Escrevo a mão meus diários e as ideias que surgem. Depois, passo pro computador o que pode resultar em narrativas. Quanto aos diários, guardo-os em caixas e gavetões, alguns mofam com o correr dos anos, então, boto fogo nos que estão estragados, porque sou alérgica a mofo.
De onde vêm suas ideias? Há um conjunto de hábitos que você cultiva para se manter criativo?
Ler muito e observar o mundo é o que mais faço. Eu anoto os diálogos das pessoas nas ruas o tempo todo, não gosto de participar, mas de ouvir e memorizar/anotar. Quando estou no processo de escrever um livro, depois de horas de imersão, gosto de andar e correr na orla ou até mesmo em casa. Praia, rio ou piscina também me renovam, desde que seja pra entrar na água, ficar um tempo e voltar pra casa. Também gosto de andar com crianças. Infelizmente, Deus não me deu o dom de ser mãe, mas sou a tia “rueira”. Um dos meus sobrinhos mais novos tem 2 anos e é doido por rua, basta eu chegar à porta, ele pega o sapatinho e vem me entregar, porque a mãe o deixa sempre descalço em casa e, ao me ver, ele já sabe que vou passear com ele.
O que você acha que mudou no seu processo de escrita ao longo dos anos? O que você diria a si mesmo se pudesse voltar à escrita de seus primeiros textos?
Mudou a minha consciência, literatura é coisa para velhos, hoje tenho clareza do que quero na escrita, antes era tudo nebuloso, escrevia como se dentro de uma névoa, muita coisa ficava incompleta ou sem aprofundamento porque tinha insights, mas não tinha vivência pra explorá-los. Se pudesse voltar, queimaria metade dos meus livros e rescreveria os outros.
Que projeto você gostaria de fazer, mas ainda não começou?
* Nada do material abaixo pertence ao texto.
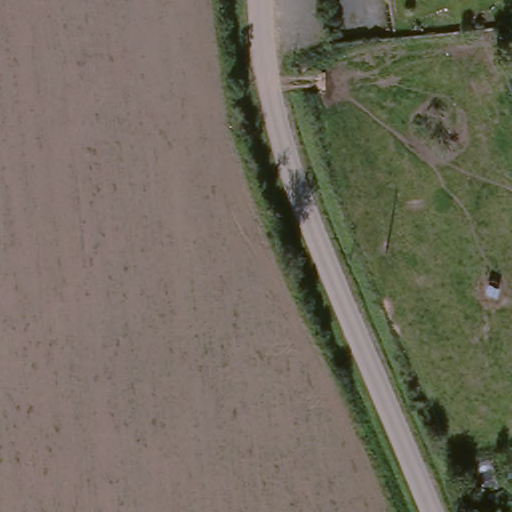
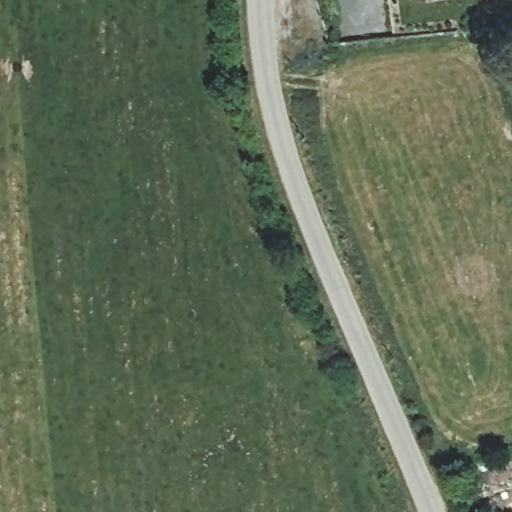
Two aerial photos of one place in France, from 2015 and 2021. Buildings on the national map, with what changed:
unchanged [(489,478),(473,477),(473,494),(464,494),(464,465),(487,463),(489,478)]

Que livro você gostaria de ler e ele ainda não existe?
Gostaria de escrever um livro sobre os anos 90, no Brasil. Mas sempre que começo a abordar o assunto, a narrativa vira outra coisa, acho que é alguma maldição da era Collor que recaiu em mim. Tudo parece muito vivo quando lembro da sensação de susto, de desamparo das pessoas diante do confisco das cadernetas de poupança, quando lembro das pessoas indo à falência em Bom Jesus da Lapa, minha cidade natal, as pessoas fugindo do País, as que se mataram ou morreram porque tinham cirurgias marcadas e ficaram sem recursos, lembro de tudo com muita clareza, mas logo as palavras desaparecem ou a história se metamorfoseia diante de mim.
O livro que eu gostaria de ler e que não existe é o Livro-Real, que teria a resposta para todas as questões existenciais da vida humana. Coloquei essa ideia no meu romance Não se vai sozinho ao paraíso. O Livro-Real seria o livro do Demiurgo, mas não tem nada a ver com a Bíblia, é um livro que explica os tipos diferentes de seres humanos, suas origens, evoluções, porque são assim ou assado, como devem agir, para onde irão etc., portanto, um livro inexistente.